# What is expected
What's wanted is each entry repeated verbatim, minus its images.

# Data excerpts
>>
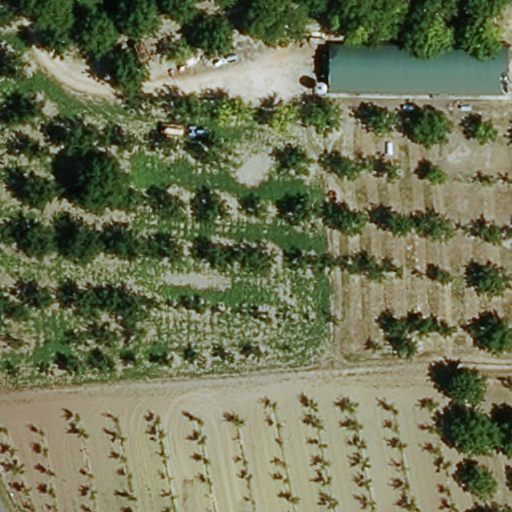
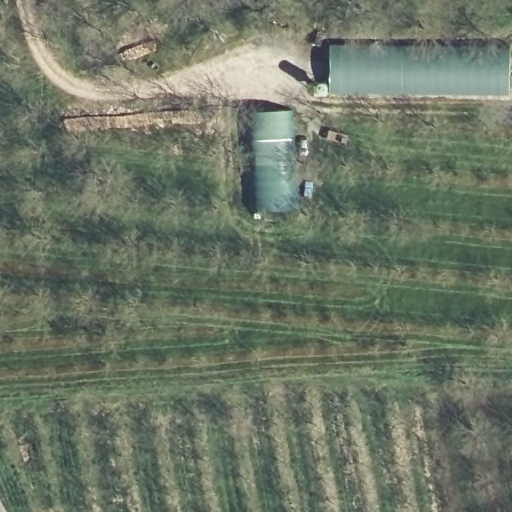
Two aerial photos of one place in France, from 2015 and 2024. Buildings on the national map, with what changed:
unchanged [(330,44),(511,47),(510,96),(331,95),(330,44)]
new [(294,215),(258,217),(253,112),(293,110),(294,215)]

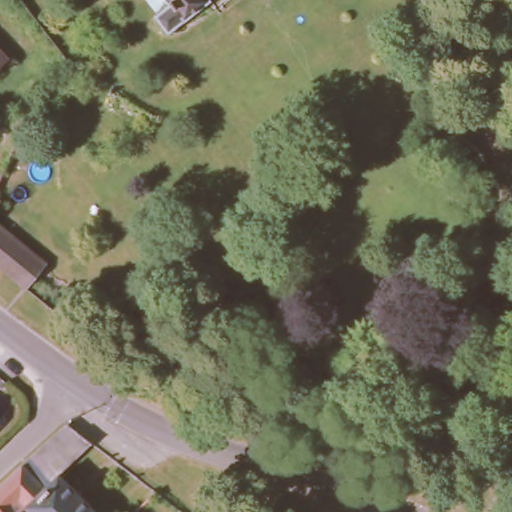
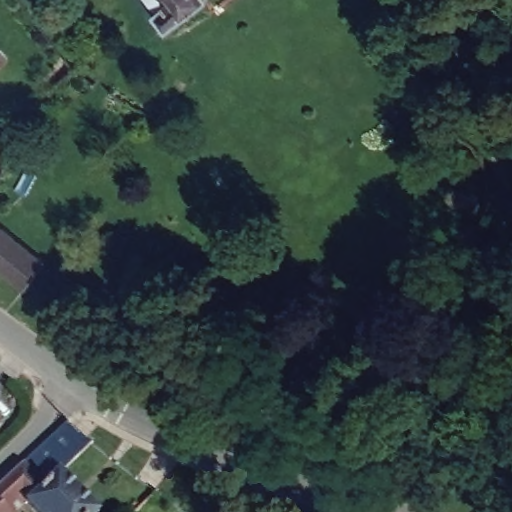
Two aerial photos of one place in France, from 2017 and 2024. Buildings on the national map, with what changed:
unchanged [(207,1),(168,32),(155,17),(160,12),(151,0),(207,0),(207,1)]
unchanged [(0,68),(0,47),(11,59),(0,68)]
unchanged [(23,284),(0,266),(0,226),(42,258),(23,284)]
unchanged [(92,443),(57,476),(92,512),(31,512),(25,505),(17,512),(0,512),(0,484),(66,423),(92,443)]

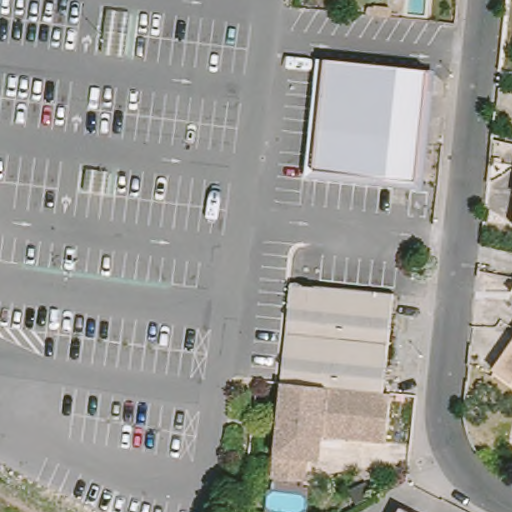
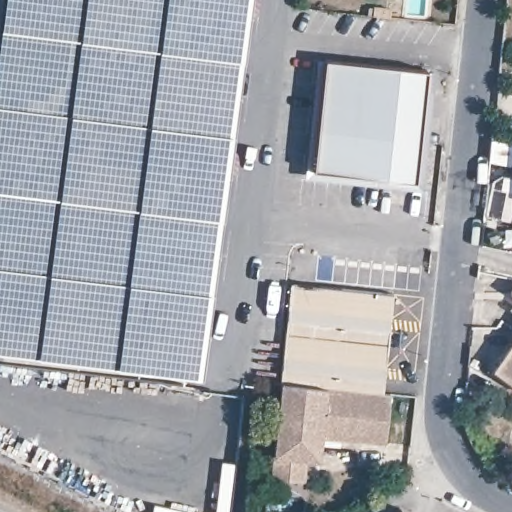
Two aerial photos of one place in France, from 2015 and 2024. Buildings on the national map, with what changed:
new [(246,9),(202,335),(190,334),(183,382),(0,359),(0,0),(174,0),(246,9)]
new [(246,9),(174,0),(247,0),(246,9)]
unchanged [(381,5),(398,7),(397,15),(380,14),(381,5)]
unchanged [(329,64),(428,75),(413,183),(315,174),(329,64)]
unchanged [(512,216),(512,223),(510,223),(512,216)]
unchanged [(512,282),(512,299),(507,296),(512,282)]
unchanged [(392,385),(378,384),(377,397),(278,386),(276,386),(289,285),(389,296),(386,320),(399,321),(392,385)]
unchanged [(512,341),(512,384),(492,370),(512,341)]
unchanged [(303,459),(300,485),(268,481),(278,386),(377,397),(384,397),(379,445),(315,438),(315,443),(313,460),(303,459)]
unchanged [(402,512),(394,512),(396,509),(402,512)]

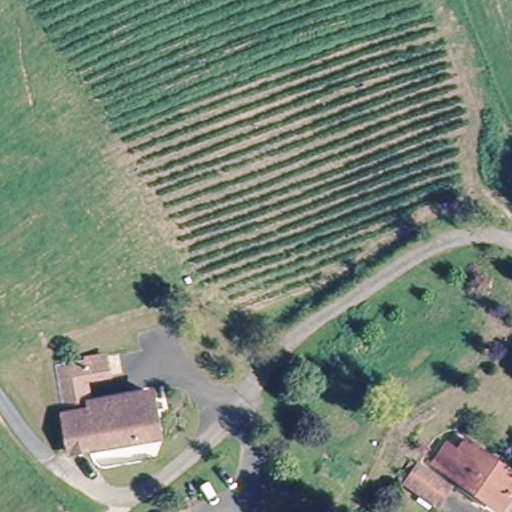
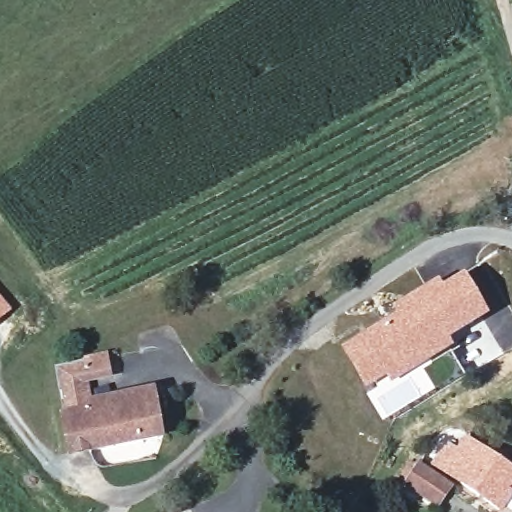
<<
# Exercise solution
Two aerial photos of one place in France, from 2015 and 2024. Buildings on the national map, with what changed:
unchanged [(330,44),(511,47),(510,96),(331,95),(330,44)]
new [(294,215),(258,217),(253,112),(293,110),(294,215)]

Two aerial photos of one place in France, from 2017 and 2024. Buildings on the national map, with what changed:
unchanged [(207,1),(168,32),(155,17),(160,12),(151,0),(207,0),(207,1)]
unchanged [(0,68),(0,47),(11,59),(0,68)]
unchanged [(23,284),(0,266),(0,226),(42,258),(23,284)]
unchanged [(92,443),(57,476),(92,512),(31,512),(25,505),(17,512),(0,512),(0,484),(66,423),(92,443)]

Two aerial photos of one place in France, from 2015 and 2024. Buildings on the national map, with what changed:
new [(246,9),(202,335),(190,334),(183,382),(0,359),(0,0),(174,0),(246,9)]
new [(246,9),(174,0),(247,0),(246,9)]
unchanged [(381,5),(398,7),(397,15),(380,14),(381,5)]
unchanged [(329,64),(428,75),(413,183),(315,174),(329,64)]
unchanged [(512,216),(512,223),(510,223),(512,216)]
unchanged [(512,282),(512,299),(507,296),(512,282)]
unchanged [(392,385),(378,384),(377,397),(278,386),(276,386),(289,285),(389,296),(386,320),(399,321),(392,385)]
unchanged [(512,341),(512,384),(492,370),(512,341)]
unchanged [(303,459),(300,485),(268,481),(278,386),(377,397),(384,397),(379,445),(315,438),(315,443),(313,460),(303,459)]
unchanged [(402,512),(394,512),(396,509),(402,512)]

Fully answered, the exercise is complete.